Mais le film illustre la difficulté pour le Diable de se faire ermite. Autant-Lara à la réalisation, Pierre Bost et Jean Aurenche à l’adaptation et aux dialogues, c’est le trio sarcastique, méchant, cynique, cruel, même, souvent, qui a triomphé dans Douce, L’auberge rouge, La traversée de Paris, des films violemment agressifs, teigneux, narquois, des films aigres et même presque aigris (il faut être aveugle pour ne pas voir que l’Autant-Lara des dernières années et des déclarations à l’emporte-pièce est déjà tout entier dans son cinéma, le meilleur de son cinéma).
Et quand des types dont le fiel est la nourriture et la raison d’être passent au sirop, ça ne marche pas. Un peu comme lorsque Émile Zola, pour essayer de montrer à ses détracteurs qu’il peut écrire un roman chaste dans la série des Rougon-Macquart rédige Le rêve : c’est pénible, ridicule, vaguement choquant…
Le franciscain de Bourges est lourd, apprêté, pontifiant, redondant ; le film parvient à rendre exaspérante la pourtant belle figure d’Alfred Stanke, joué par un Hardy Krüger à la limite inférieure de la niaiserie et du caramel mou. Certes, et ce n’est pas mal vu, il aurait été absurde de placer de grands mouvements de super-héroïsme (comme il y a des super-héros) pour décrire l’action d’un personnage qui n’a rien de grandiose, sinon une foi chevillée au corps et une infinie compassion pour ses frères en souffrance (tout cela n’est déjà pas mal !) ; et le meilleur du film – ou le moins mauvais – est précisément l’incertitude, la faiblesse, la prudence d’un Stanke, homme tout à fait ordinaire, mais habité par une force qui le dépasse.

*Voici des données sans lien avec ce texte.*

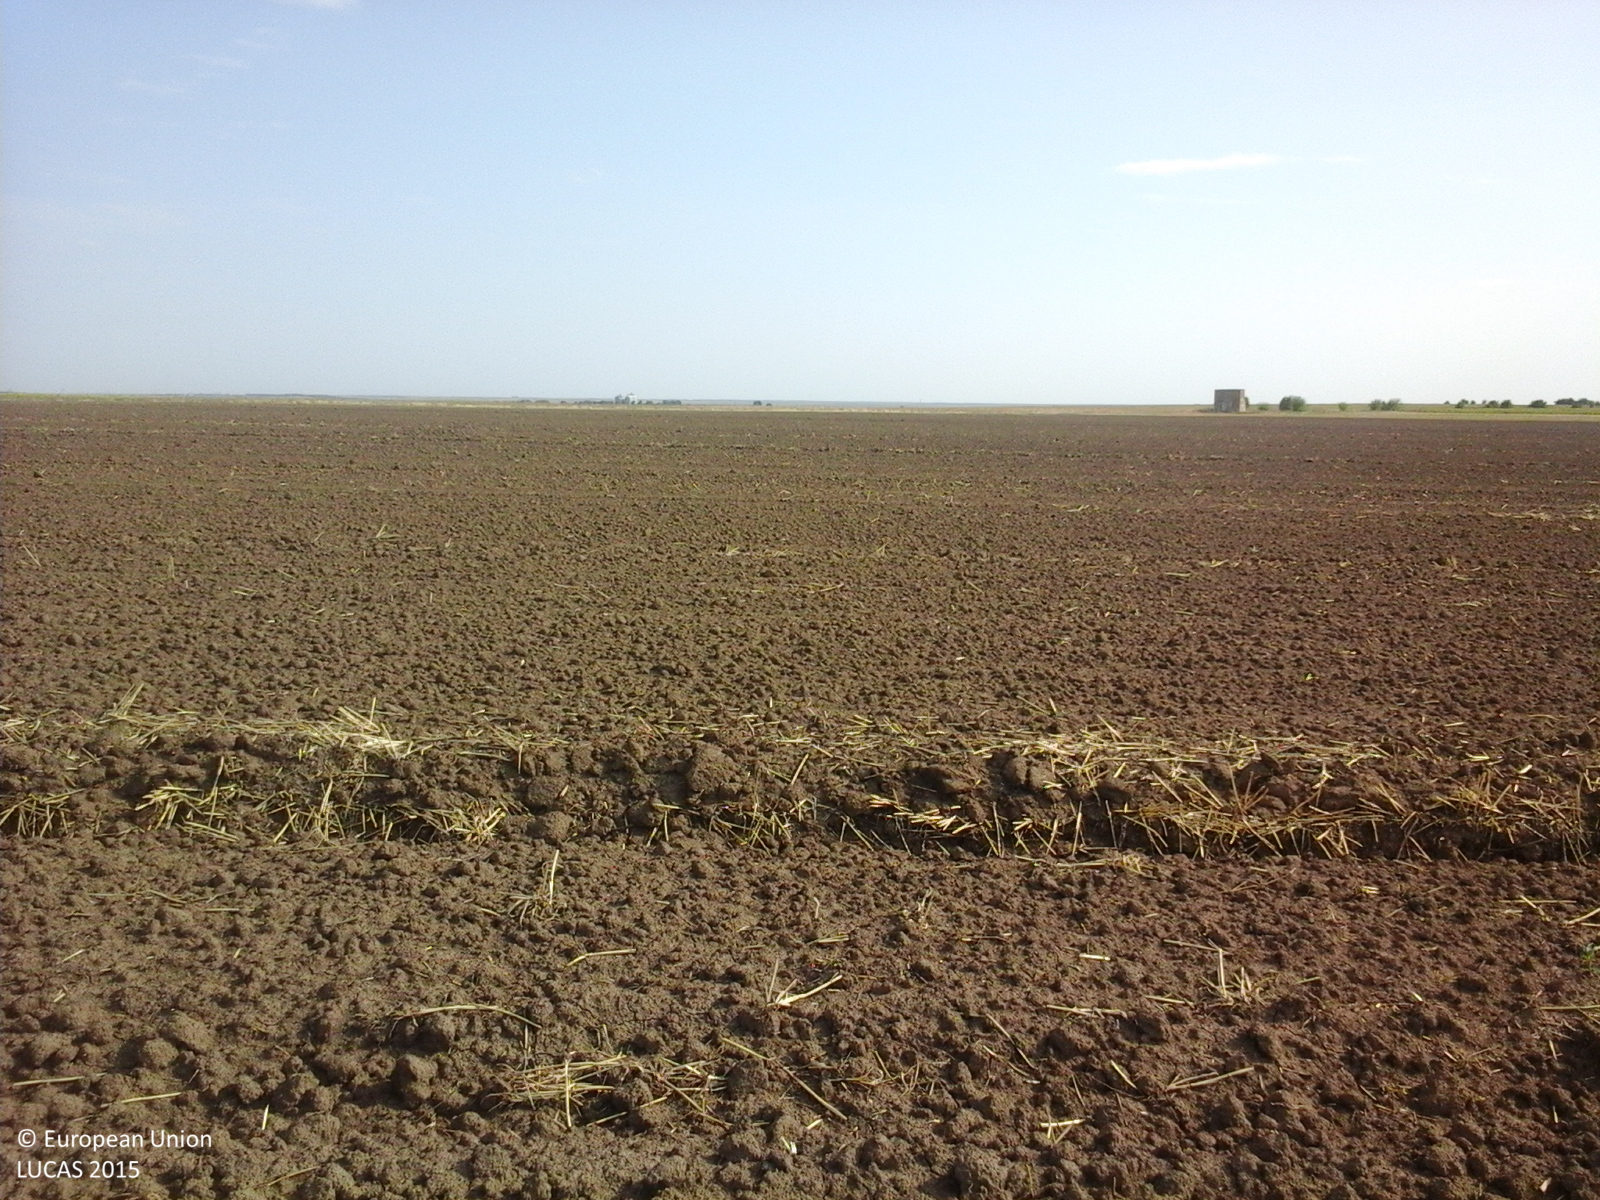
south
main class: Cropland
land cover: Common wheat
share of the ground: < 10 %
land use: Agriculture (excluding fallow land and kitchen gardens)
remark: Harvested field
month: August
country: RO
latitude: 44.0450
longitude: 28.3470

Comment reconnaître Autant-Lara dans ce robinet d’eau tiède ? Ah ! La fin des grands cinéastes n’est pas toujours reluisante… Le Duvivier de Chair de poule et de Diaboliquement vôtre, le Renoir du Testament du Docteur Cordelier et du Déjeuner sur l’herbe, le Carné de Terrain vague… quelles catastrophes… Mieux vaut, comme Jacques Becker, disparaître sur la perfection du Trou…
Et en plus Autant-Lara a fait pire : Les patates avec l’histrion Pierre Perret ; le degré zéro a été atteint…
———————————
On me dit Pourquoi Autant-Lara devrait-il être systématiquement féroce ?… On me dit Pourquoi n’être pas sensible à la compassion qui passe dans le film ?
Certes, je rejoins ceux qui admirent la vraisemblance du doux caractère d’Alfred Stanke, l’ouverture de son cœur, le ruissellement de charité, de bienveillance, si l’on préfère qu’il a offert aux captifs de Bourges. C’est une très belle figure de simple, placé dans une situation complexe. (Et quand j’écris simple, il n’y a, naturellement aucun mépris de ma part ; seulement, il ne faut pas oublier que Stanke est franciscain, ni bénédictin, ni dominicain, ni jésuite : la simplicité fait partie de la règle de Saint François d’Assise, elle est donc donnée majeure de la vie de Stanke).
Quant à la fin de parcours politique (si l’on peut dire) d’Autant-Lara, je ne vois pas en quoi il peut intéresser ; son dernier film date de 1977, son élection au Parlement européen, de 1989. Il n’y a pas d’autre interférence que celle que j’ai dite : l’aigreur de la vieillesse est déjà inscrite dans le sarcasme de la maturité.
Et donc, revenons à la question : Pourquoi Autant-Lara devrait-il être systématiquement féroce ? Tout simplement parce que son talent est la férocité. Essayez de concevoir Kubrick sans puritanisme, Renoir sans humanisme, Duvivier sans pessimisme… Et voilà que ça ne fonctionne pas, que ça ne se conçoit pas ! On peut bien toujours essayer de forcer sa nature (mon exemple sur Zola), on n’est alors plus soi.
Ce que je regrette, c’est que le beau et grave sujet du Franciscain de Bourges ait précisément été traité par le cinéaste le moins à même de l’illustrer.